▶ [EXERCISE DIRECTIONS]:
Set down all of the records below exactly, please, omitting the images.

▶ [DATA FOR ANALYSIS]:
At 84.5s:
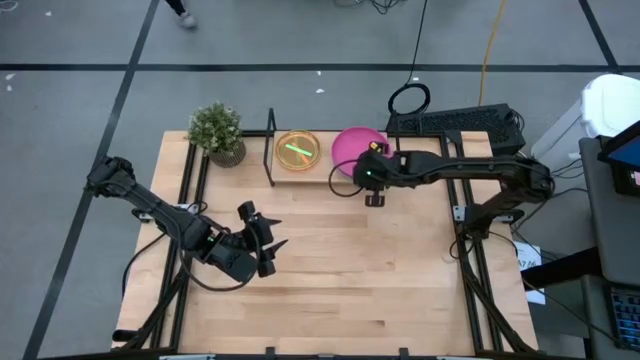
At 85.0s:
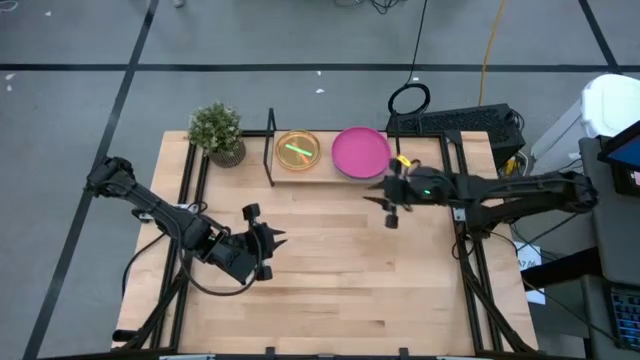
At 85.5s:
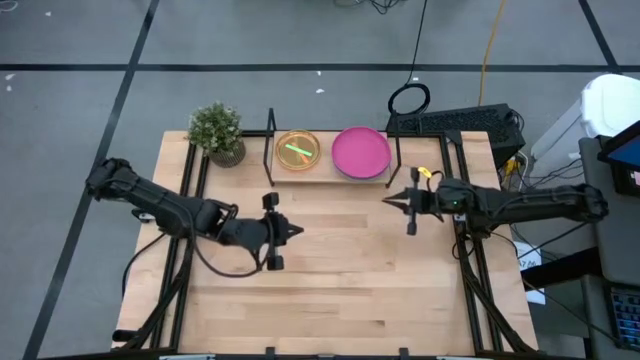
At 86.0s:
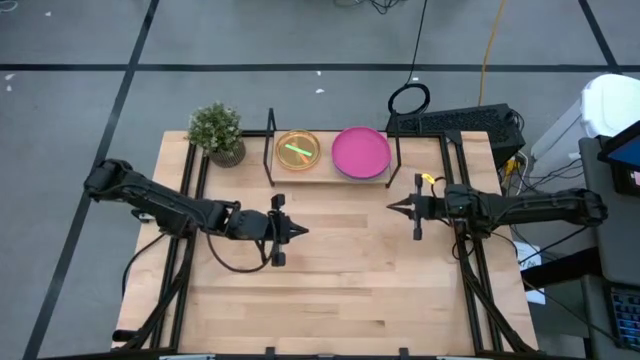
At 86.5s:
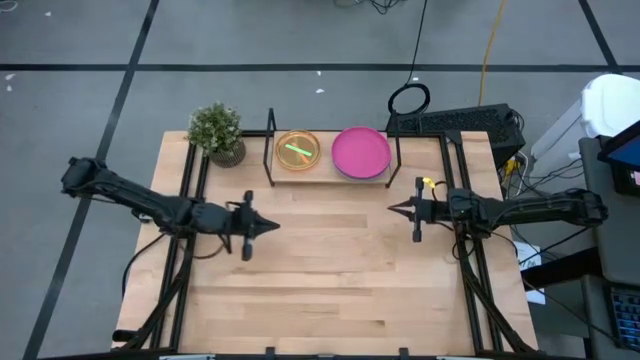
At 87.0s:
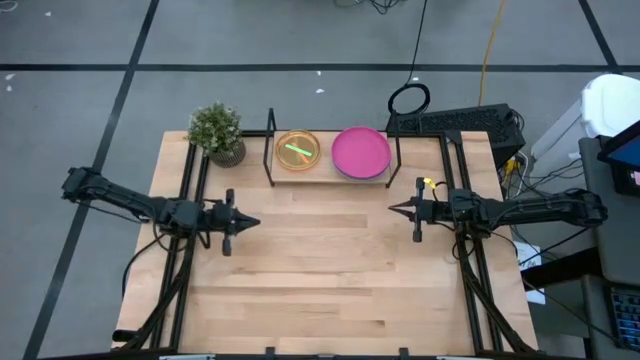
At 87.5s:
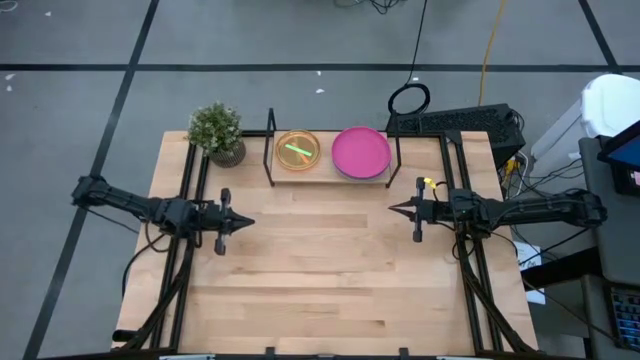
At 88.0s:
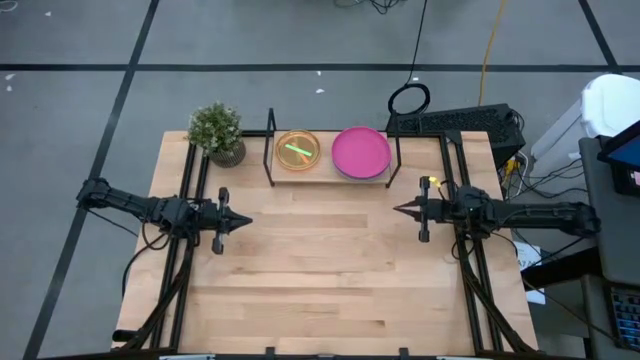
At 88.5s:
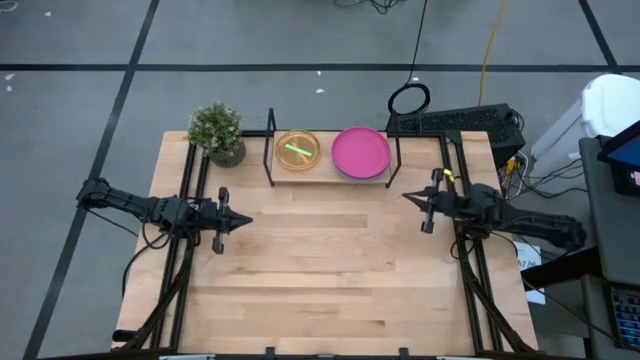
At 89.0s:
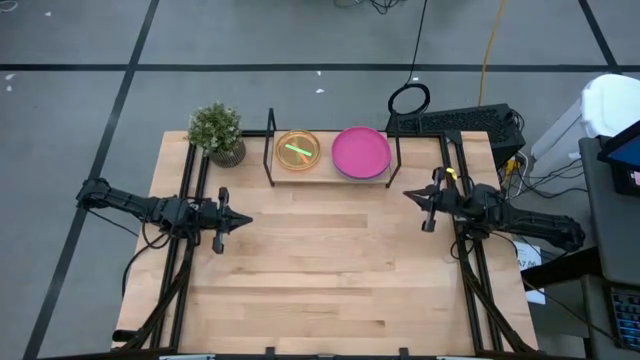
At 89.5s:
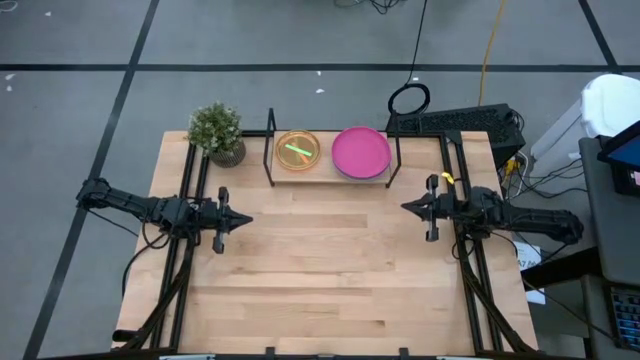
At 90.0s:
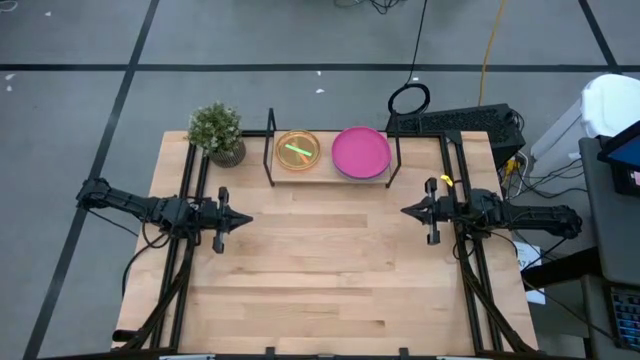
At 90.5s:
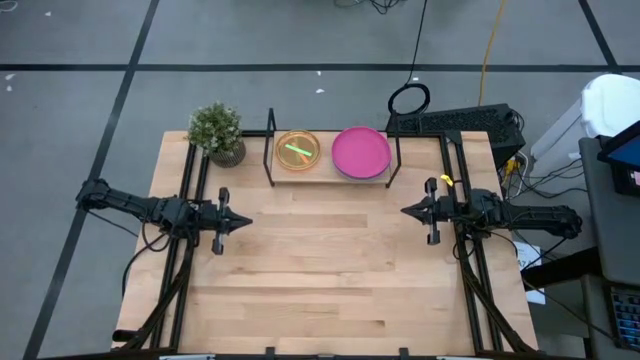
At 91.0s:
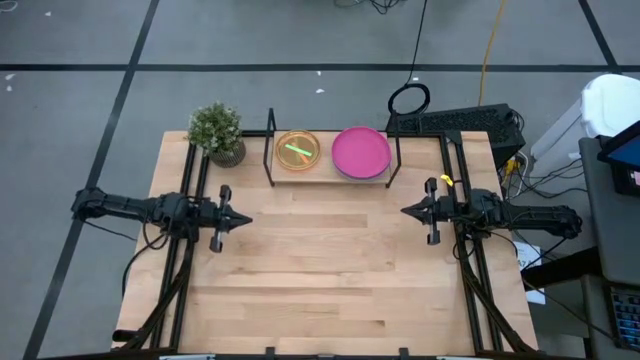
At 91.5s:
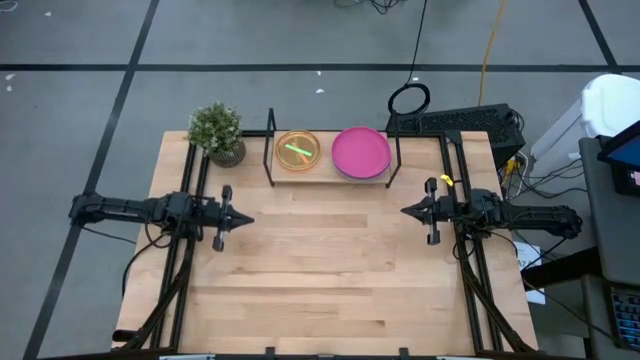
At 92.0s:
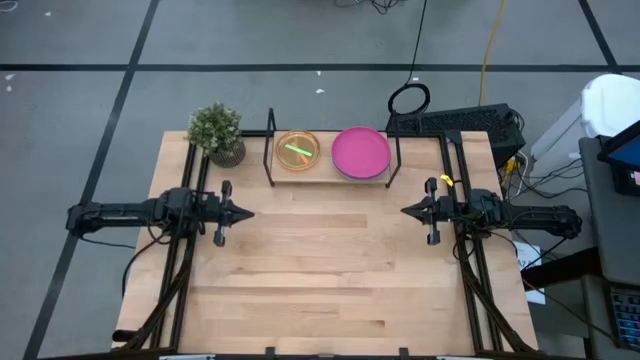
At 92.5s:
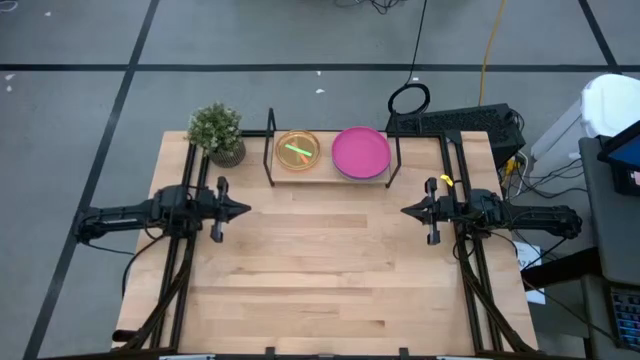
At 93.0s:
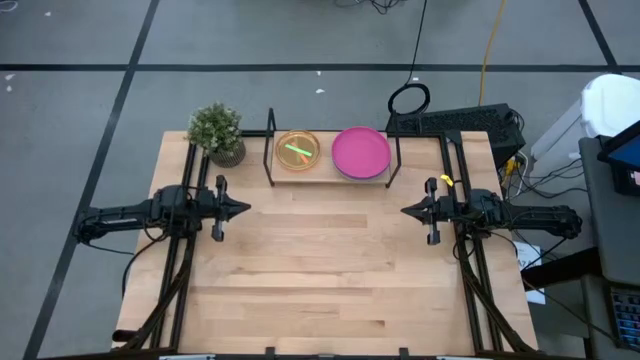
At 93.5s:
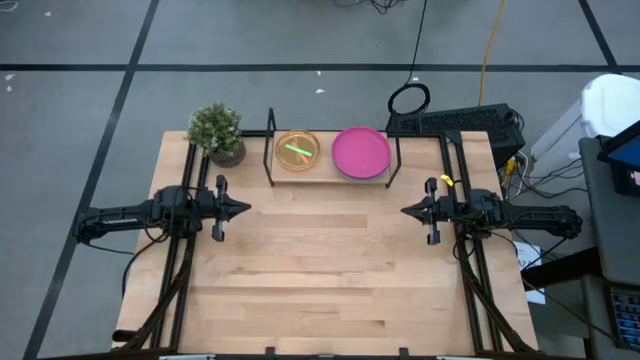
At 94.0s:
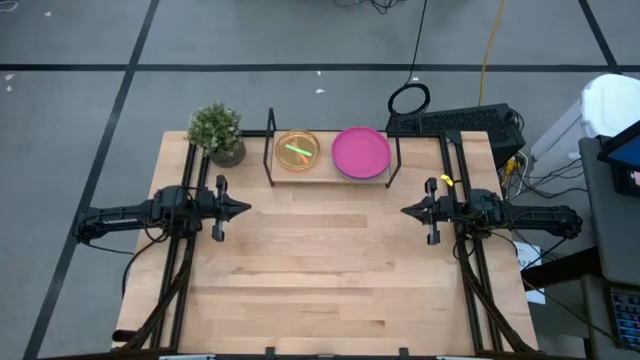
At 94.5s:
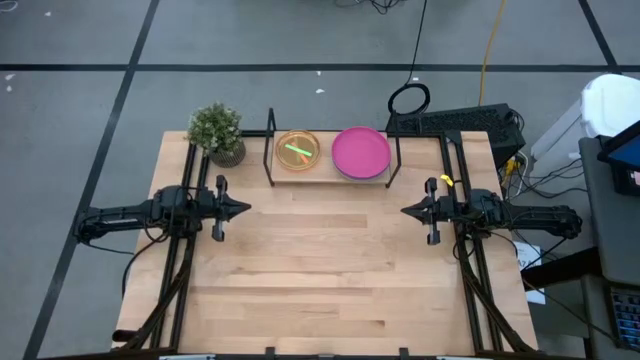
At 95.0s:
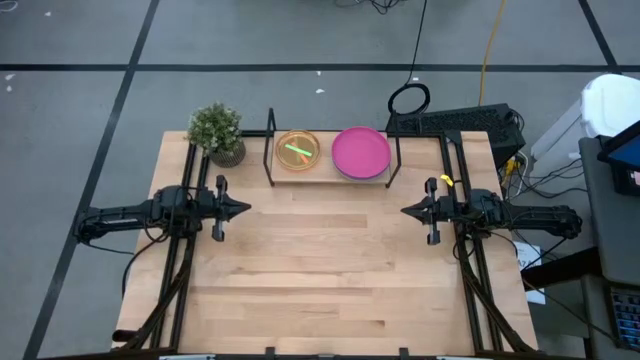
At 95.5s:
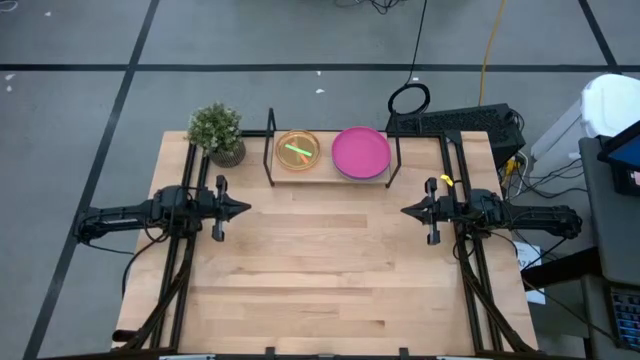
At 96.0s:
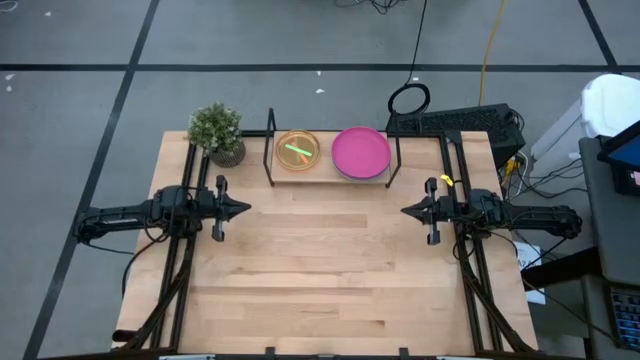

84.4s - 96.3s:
Task: Place and stack plates onto a shelf
Return to Home Position

▶ [OUTPUT BELOW]:
At 84.5s:
At 85.0s:
At 85.5s:
At 86.0s:
At 86.5s:
At 87.0s:
At 87.5s:
At 88.0s:
At 88.5s:
At 89.0s:
At 89.5s:
At 90.0s:
At 90.5s:
At 91.0s:
At 91.5s:
At 92.0s:
At 92.5s:
At 93.0s:
At 93.5s:
At 94.0s:
At 94.5s:
At 95.0s:
At 95.5s:
At 96.0s:

84.4s - 96.3s:
Task: Place and stack plates onto a shelf
Return to Home Position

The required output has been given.